**Raw data:**
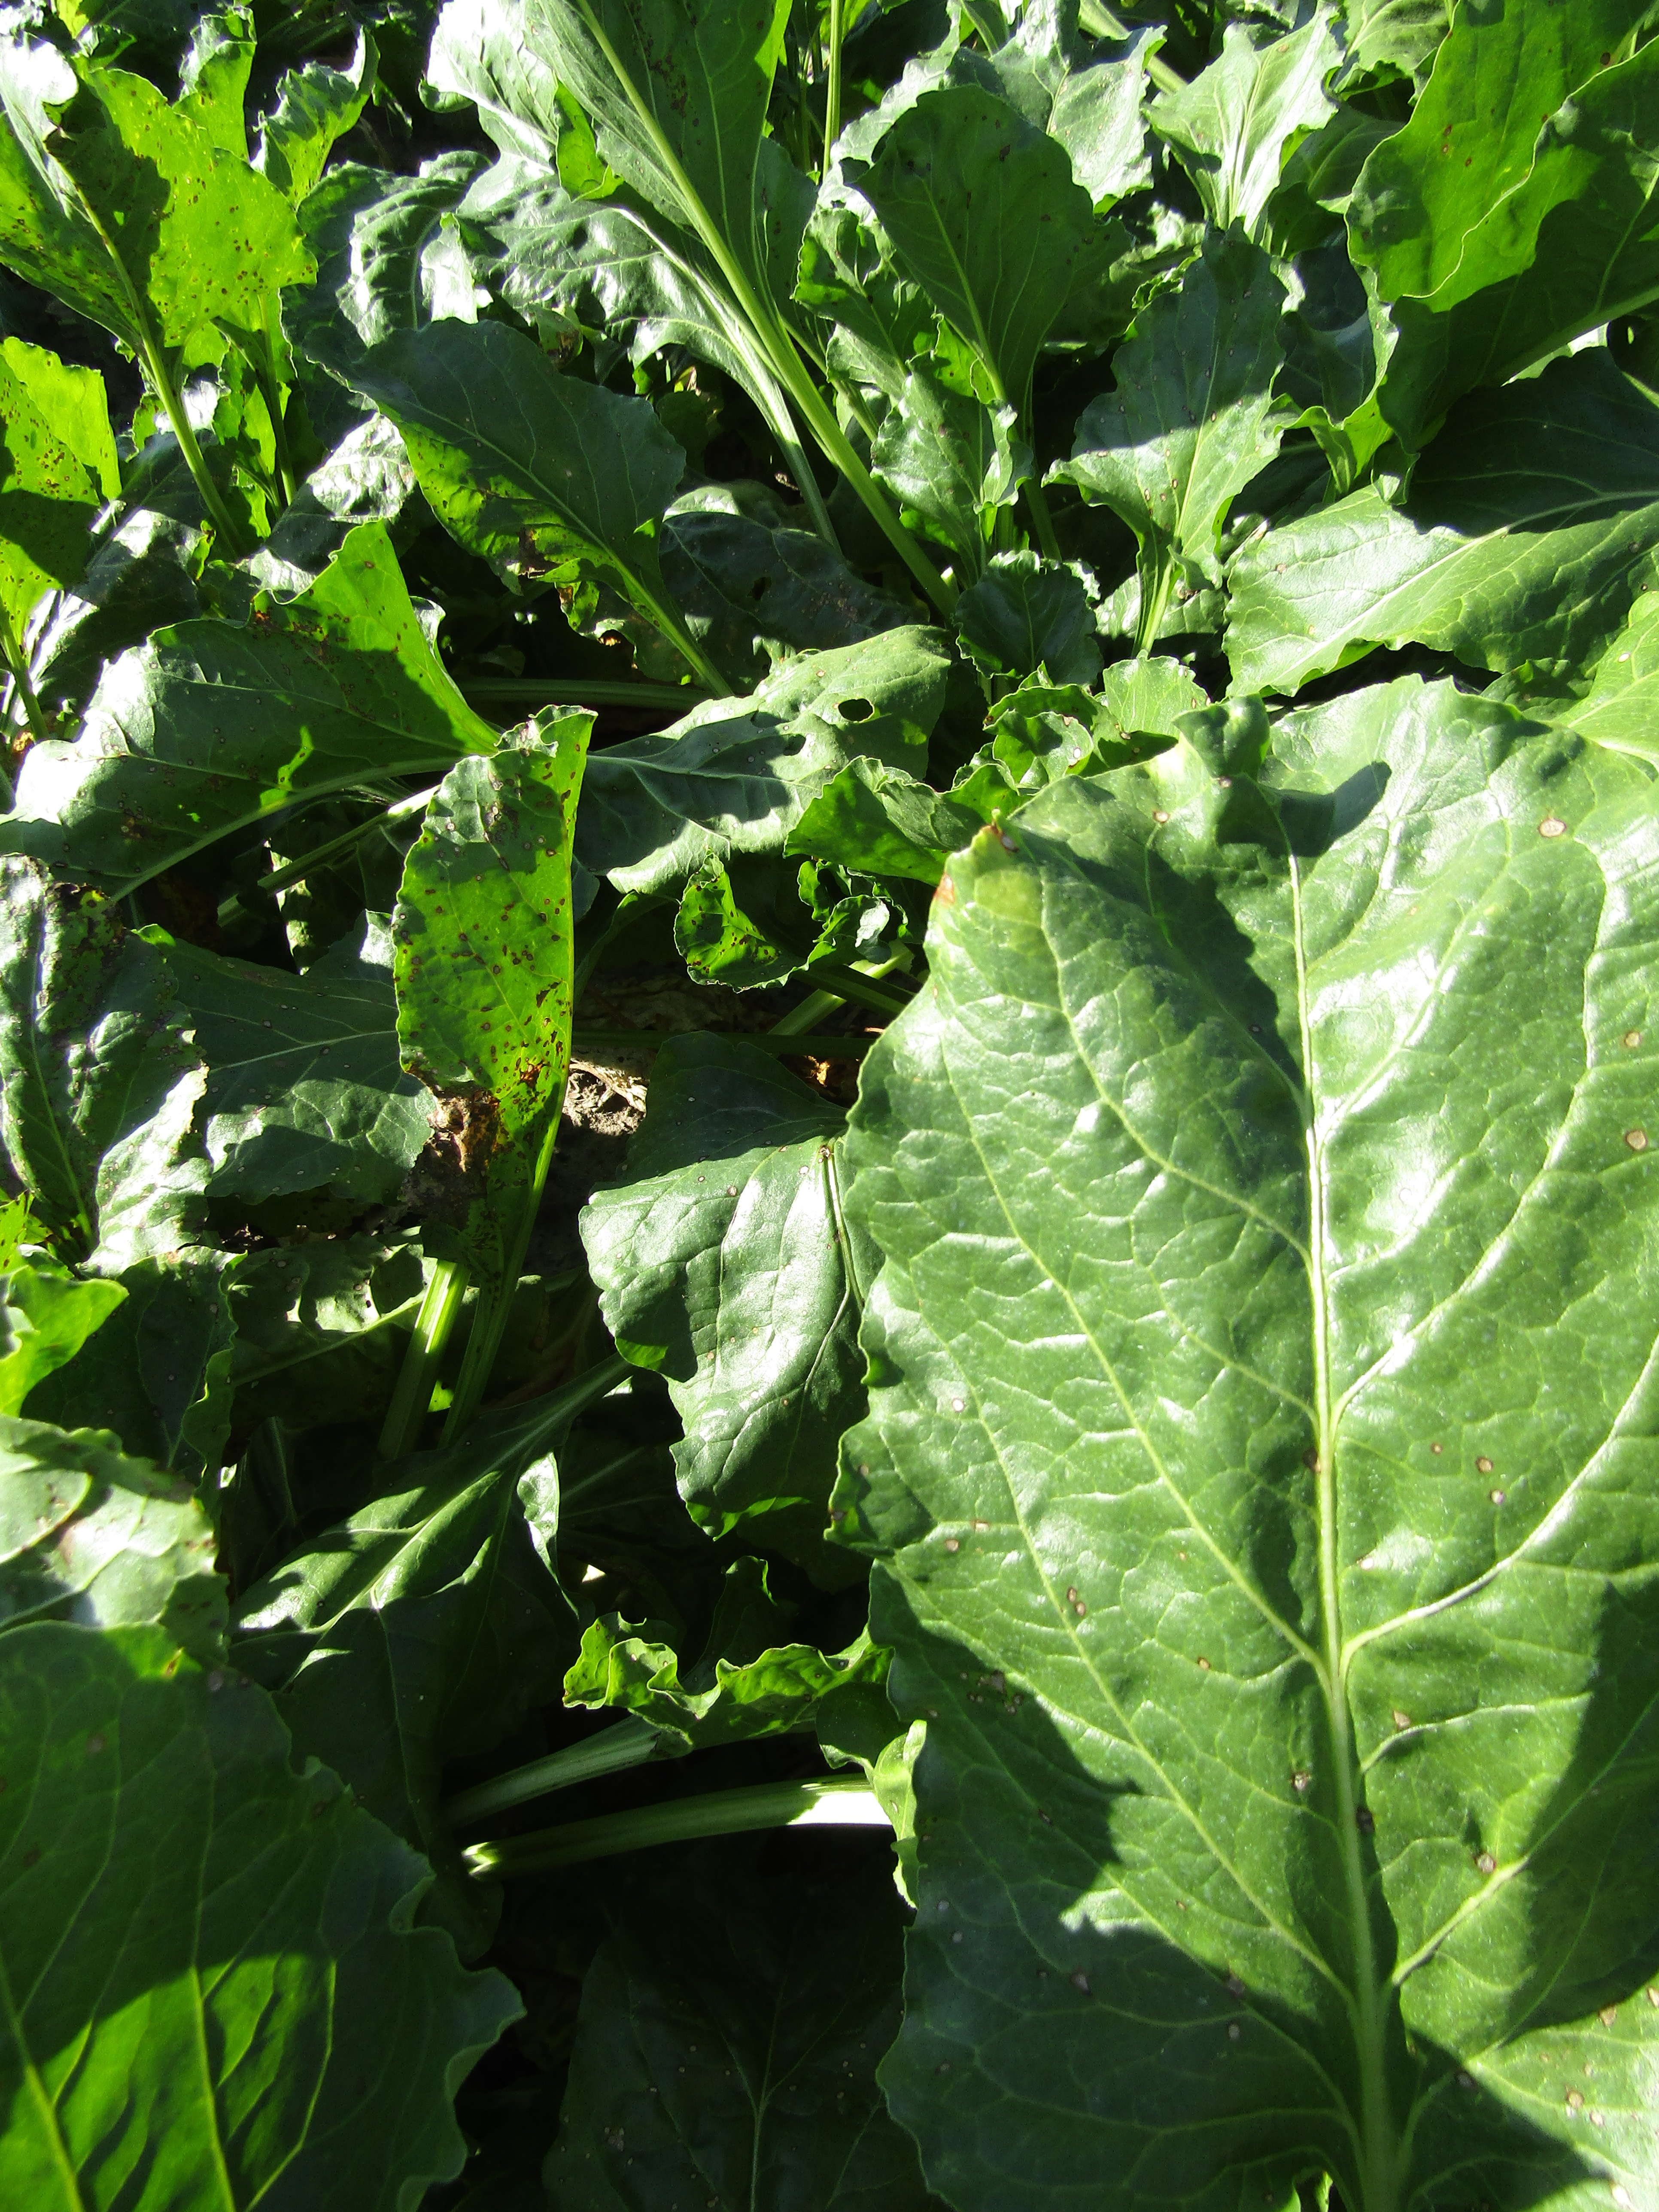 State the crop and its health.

beet, cercospora
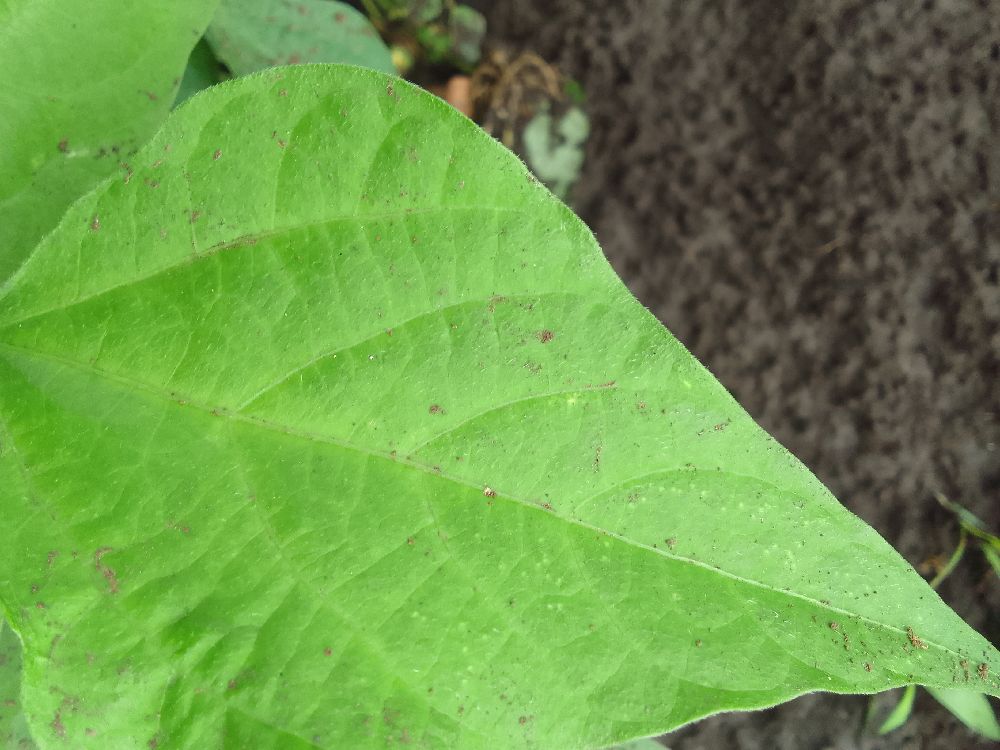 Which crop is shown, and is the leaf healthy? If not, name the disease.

common bean, healthy
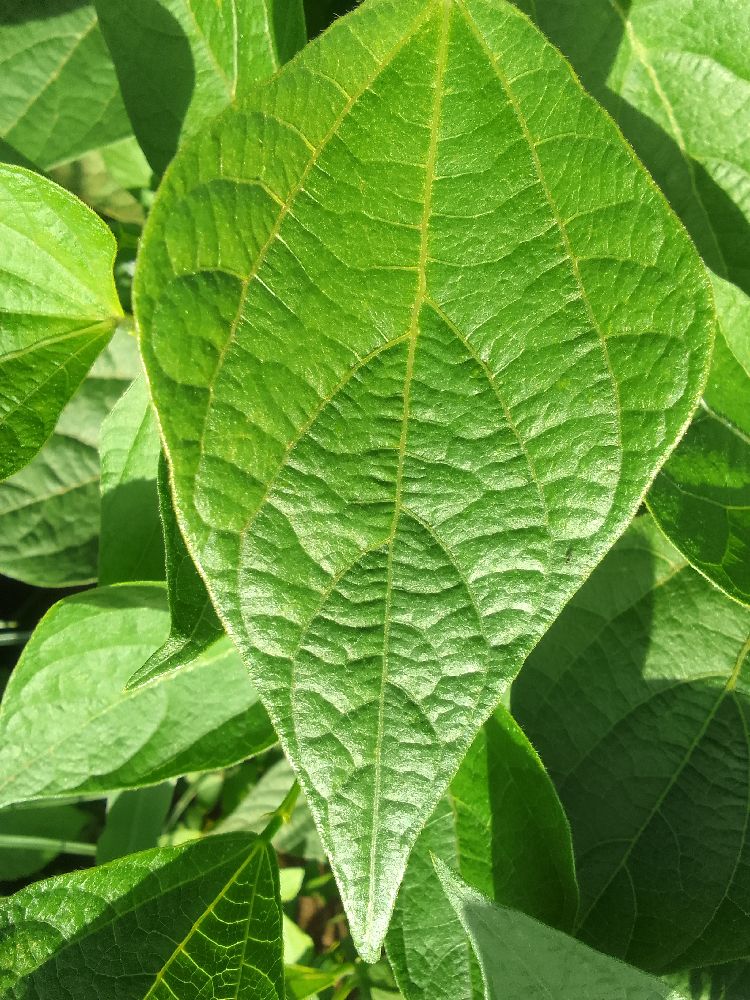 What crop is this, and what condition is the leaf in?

common bean, healthy

**Requirement:** Each line from the one containing "What crop is" through the final line of the data must be reproduced exactly, both ends included, with no pictures in the copy.

**Task answer:**
 What crop is this, and what condition is the leaf in?

common bean, healthy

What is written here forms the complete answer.